Выбрать главу

Статья Ф. М. Достоевского была первой из посвященных им живописцам. «Увидьте человека, дайте же нам их как людей, если вы художник», — говорил он. Даже падший человек где-то в глубине души своей остается христианином — такова была его главная мысль.

Если Ф. М. Достоевский говорил о необходимости художественной правды в зарождающейся русской живописной школе, об изображении христианина, религиозных чувств и образов, то есть видел назначение художника в том, чтобы нести в общество учение Христа, то художественный критик В. Стасов придерживался иных идей.

Скажем несколько слов о нем — фигуре яркой, темпераментной. Увлеченность не позволяла ему в полной мере понять суть тех или иных явлений, и потому он нередко трактовал их ошибочно и намечал порой ложные ориентиры. Определяя «свои задачи», «свое содержание», «свои сюжеты» в «нашем искусстве», он в качестве образцов называл картины В. Якоби «Привал арестантов», М. Клодта «Последняя весна». «Это только пробы молодых, начинающих талантов, — писал Стасов. — Но чувствуешь какое-то счастье перед этими пробами. Где уже существуют эти пробы — и с какою истиной и силой, там искусство идет в гору, там ожидает его впереди широкое будущее».

Далеко не все разделяли энтузиазм В. Стасова. Вот что писал Ф. М. Достоевский о картине М. Клодта: «Больная, умирающая девица сидит в большом кресле против открытого окна. У нее чахотка, дольше весны она не проживет, и домашние это знают. Сестра ее стоит у окна и плачет; другая сестра стоит возле больной на коленях. За ширмами отец умирающей и мать сидят и толкуют между собой. Невеселый должен быть их разговор; нехорошо положение умирающей, скверно положение сестер ее, и все это освещено прекрасным, ярким весенним солнцем. Вся картина написана прекрасно, безукоризненно, но в итоге картина далеко не прекрасная. Кто захочет повесить такую патологическую картину в своем кабинете или в своей гостиной? Разумеется, никто, ровно никто… Клодт 2-й представляет нам агонию умирающей и с нею почти что агонию всего семейства, и не день, не месяц будет продолжаться эта агония, а вечно, пока будет висеть на стене эта прекрасно выполненная, но злосчастная картина. Никакой зритель не выдержит — убежит. Нет, художественная правда совсем не та, совсем другая, чем правда естественная». Чувство художественной правды подчас изменяло В. Стасову, может, поэтому через несколько лет он станет именовать «поганой и дурацкой» речь Ф. Достоевского, сказанную на открытии памятника A. С. Пушкину. «Какой вздорный человек, всех ругает», — заметит о В. Стасове А. К. Толстой.
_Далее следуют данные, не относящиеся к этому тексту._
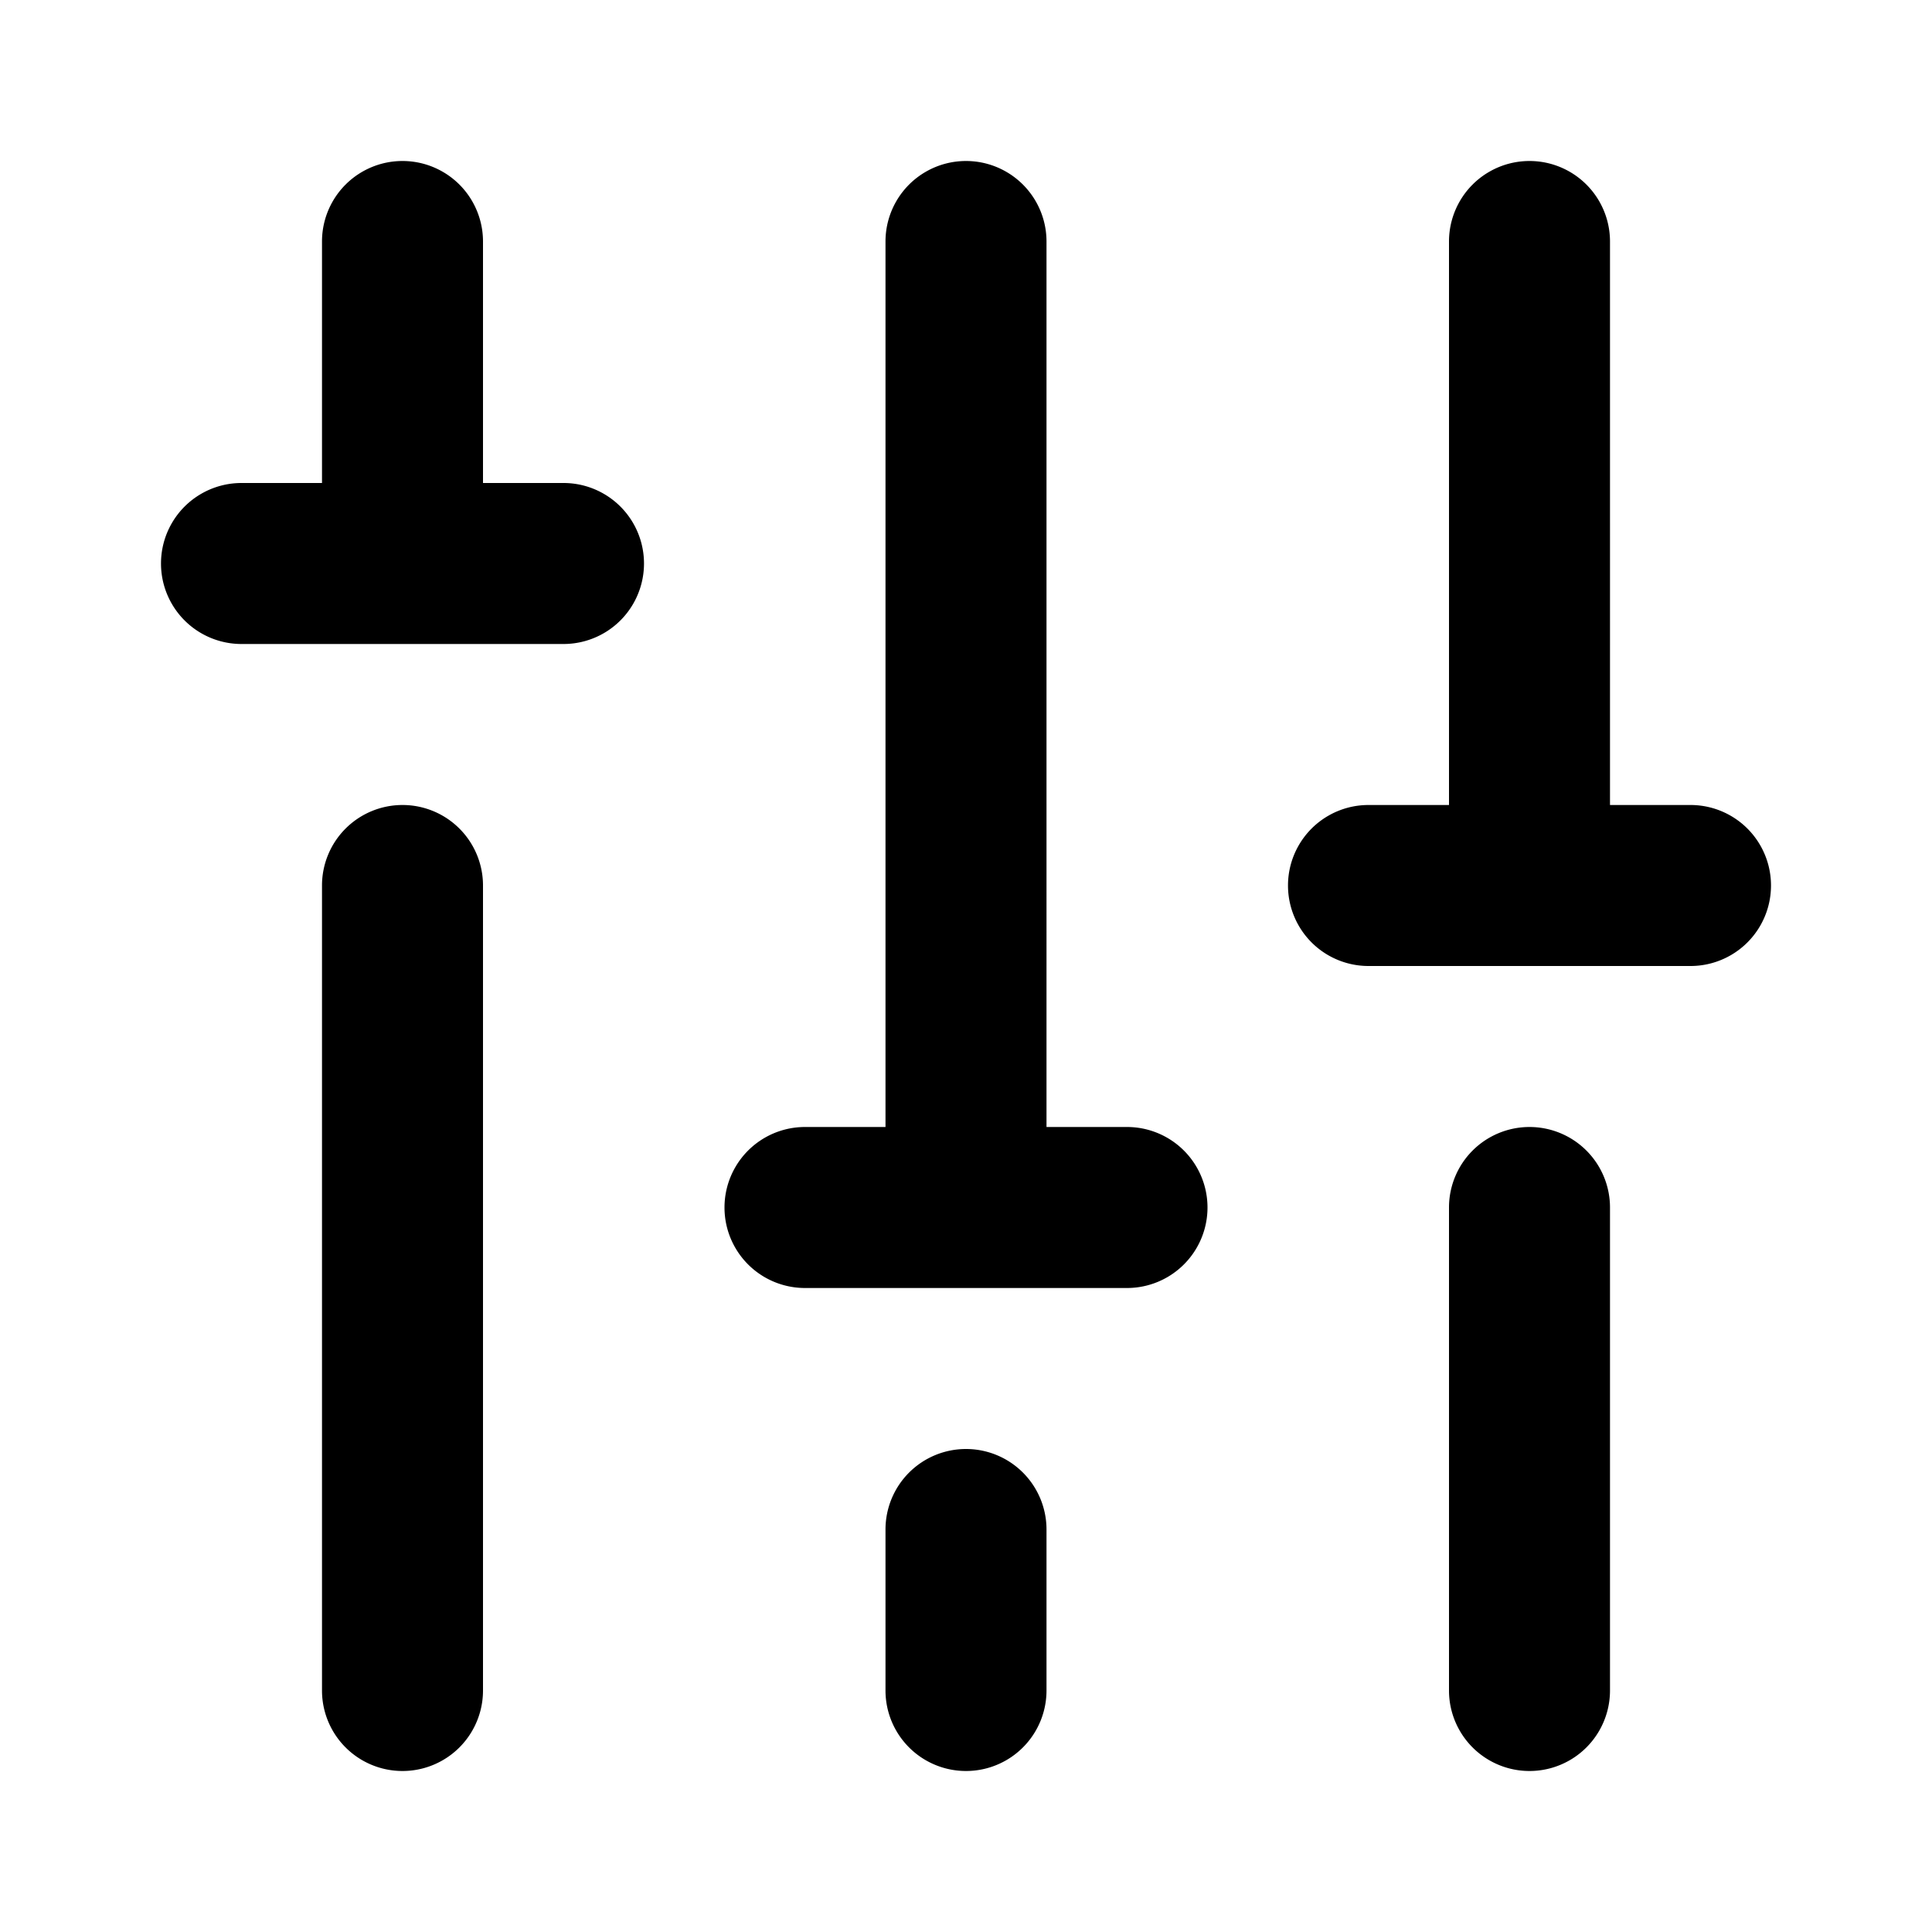 <svg xmlns="http://www.w3.org/2000/svg" viewBox="0 0 24 24"><path d="M7 6H6V3a1 1 0 00-2 0v3H3a1 1 0 000 2h4a1 1 0 000-2zm-2 4a1 1 0 00-1 1v10a1 1 0 002 0V11a1 1 0 00-1-1zm7 8a1 1 0 00-1 1v2a1 1 0 002 0v-2a1 1 0 00-1-1zm9-8h-1V3a1 1 0 00-2 0v7h-1a1 1 0 000 2h4a1 1 0 000-2zm-2 4a1 1 0 00-1 1v6a1 1 0 002 0v-6a1 1 0 00-1-1zm-5 0h-1V3a1 1 0 00-2 0v11h-1a1 1 0 000 2h4a1 1 0 000-2z"/></svg>

Ратуя за отход от живописи на библейские темы, подчеркивая при этом «не сравненное ни с чем значение еврейского народа», «выше которого ни одного другого не существовало», ратуя за «широкое будущее русского искусства», B. Стасов страстно примется ругать и отрицать картину М. В. Нестерова «Видение отроку Варфоломею», в которой не увидел потребности художника выразить непостижимую, казалось бы, глубину духовности русского человека. Заметим здесь же, что такие разные люди, как В. В. Розанов и М. О. Меньшиков, смогли понять художника и выразили в статьях восторженное отношение к его творчеству. Именно В. Стасов и В. Григорович вместе с некоторыми художниками устроят суд над картиной.

Нападая на Академию художеств за то, что в картинах на русскую тему «не чуялось… ничего русского», и выслушав отповедь президента Академии Бруни, ворчавшего на то, что за критику берутся «неспециалисты», и объяснившего, что в настоящее время нет возможности писать картины на сюжеты из русской истории ввиду того, что и история сама еще не разработана, В. Стасов в ответ разразится негодованием: «Бедные мои! Не видать нам русских картин! Музей Бог знает когда поспеет, а с русской историей и того длиннее будет. Точно будто для наших картин непременно нужно со всею точностью узнать, был ли Рюрик литовец или норманн, а если этого не добьемся, то можно покуда побоку и всю остальную историю. Точно будто все задачи как раз засели в необъясненных местах!»